The second study tested an nSMase2-inhibiting experimental compound called PDDC on the mice with human-like immune systems that were infected with HIV. The compound reduced HIV levels in the blood to undetectable levels, similar to the current treatment used by people with HIV. When the regular treatment was stopped, HIV returned quickly. However, with PDDC, 80% of the treated animals didn’t have a rebound in HIV. Haughey says the compound seems to target and kill the cells that HIV needs to reproduce, stopping the virus from infecting other cells.

“Even after four decades of research, there are still parts of the HIV replication cycle we do not understand.

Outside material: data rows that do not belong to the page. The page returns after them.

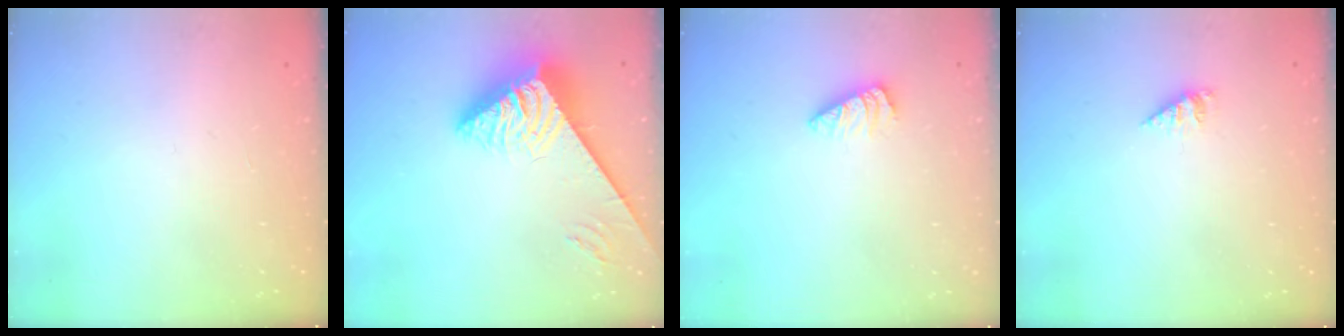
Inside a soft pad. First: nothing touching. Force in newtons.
{"total": 6.7, "press": 6.6, "slide": 0.8}
{"total": 1.3, "press": 1.3, "slide": 0.2}
{"total": 1.5, "press": 1.5, "slide": 0.3}
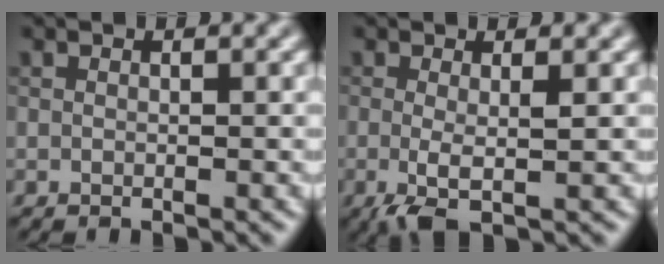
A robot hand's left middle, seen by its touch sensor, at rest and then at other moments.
{"total": 2.2, "force": [-0.3, 0.3, 2.2], "torque": [-0.053, -0.007, -0.008]}
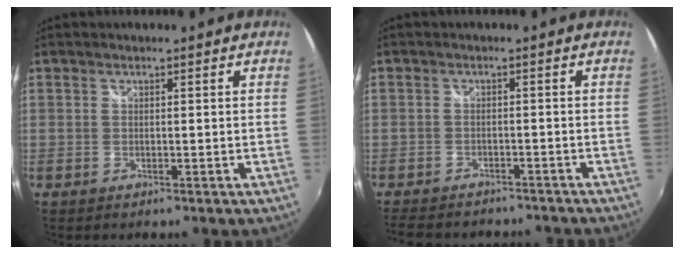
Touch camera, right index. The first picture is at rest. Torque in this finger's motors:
{"motor_torque": [-1.41, -0.18, -1.05, -0.21]}
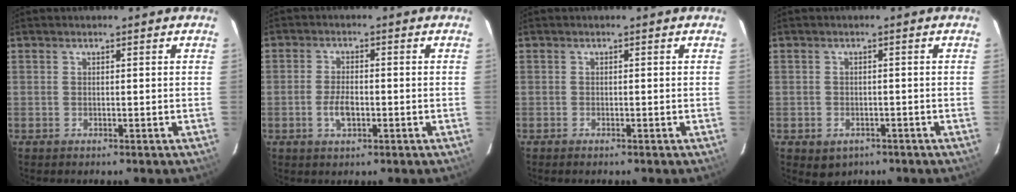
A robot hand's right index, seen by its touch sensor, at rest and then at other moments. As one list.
[{"total": 4.2, "force": [-1.4, 2.0, 3.4], "torque": [-0.071, -0.001, -0.023]}, {"total": 0.5, "force": [-0.5, 0.1, 0.2], "torque": [-0.004, -0.002, -0.009]}, {"total": 3.7, "force": [-1.7, 3.0, 1.3], "torque": [-0.030, -0.002, -0.014]}]
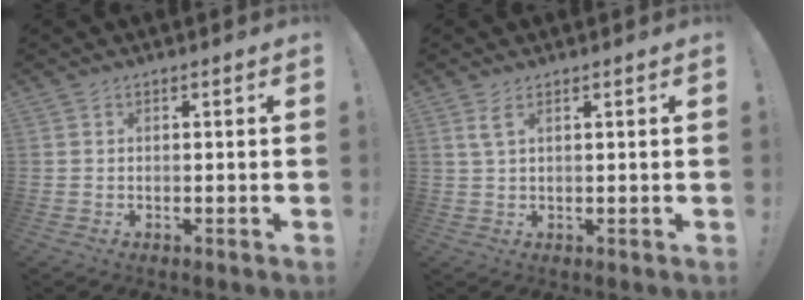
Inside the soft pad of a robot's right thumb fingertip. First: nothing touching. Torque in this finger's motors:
{"motor_torque": [0.01, 0.03, -0.07, 0.12, 0.07]}
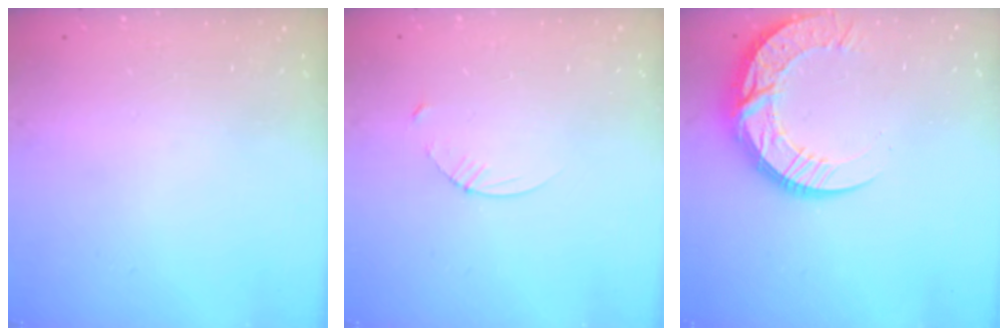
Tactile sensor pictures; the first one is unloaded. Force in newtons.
{"total": 3.4, "press": 3.3, "slide": 0.3}
{"total": 15.3, "press": 15.2, "slide": 1.4}
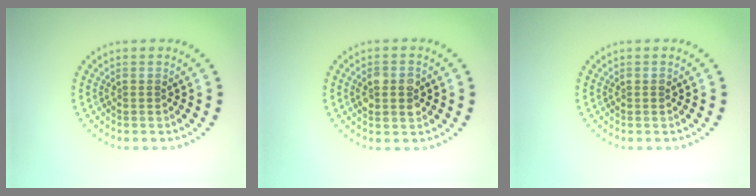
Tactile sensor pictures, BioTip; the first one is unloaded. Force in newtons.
{"total": 2.9, "press": 2.9, "slide": 0.3}
{"total": 0.6, "press": 0.6, "slide": 0.2}
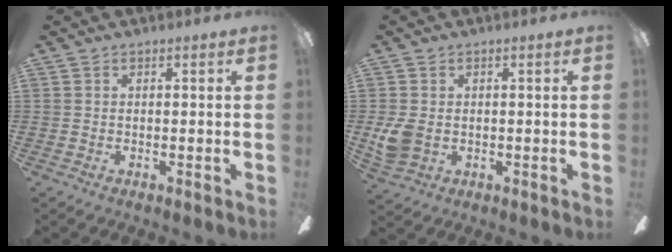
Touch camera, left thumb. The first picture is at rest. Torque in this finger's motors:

These studies add critical knowledge of how HIV replicates,” says Freed. Haughey adds that their results offer the first demonstration of using an nSMase2 blocker to stop actively replicating HIV in living cells, and the first antiretroviral target that is capable of killing infected cells. “We’re talking about a new target that has the potential for a new therapeutic approach for treating HIV infection,” Haughey says.

“We still have a long way to go, this is just a piece of the puzzle. This enzyme is one foot in the door to better understanding the viral lipid composition in the late stages of the replication cycle,” Freed cautioned, as many more preclinical studies must be done before any attempt is made to use nSMase2 inhibitors in people infected with HIV.

Other researchers include Seung-Wan Yoo, Abdul Waheed, Yanan Zhu, Eva Agostino, Lwar Naing, Yuta Hikichi, Ferri Soheilian, Yun Song, Peijun Zhang, Barbara Slusher, Pragney Deme, Seuhmus Tohumeken, Rana Rais, Matt Smith, Catherine DeMarino, Peter Calabresei and Fatah Kashanchi.

These studies were funded by grants from the National Institute of Mental Health (R01MH131469 and P30MH075673) and the Intramural Research Program of the Center for Cancer Research, National Cancer Institute, both part of the National Institutes of Health.

Haughey and Slusher are listed in patent applications filed by Johns Hopkins Technology Ventures covering novel compositions and utilities of nSMase2 inhibitors, including PDDC. This arrangement has been reviewed and approved by The Johns Hopkins University in accordance with its conflict-of-interest policies.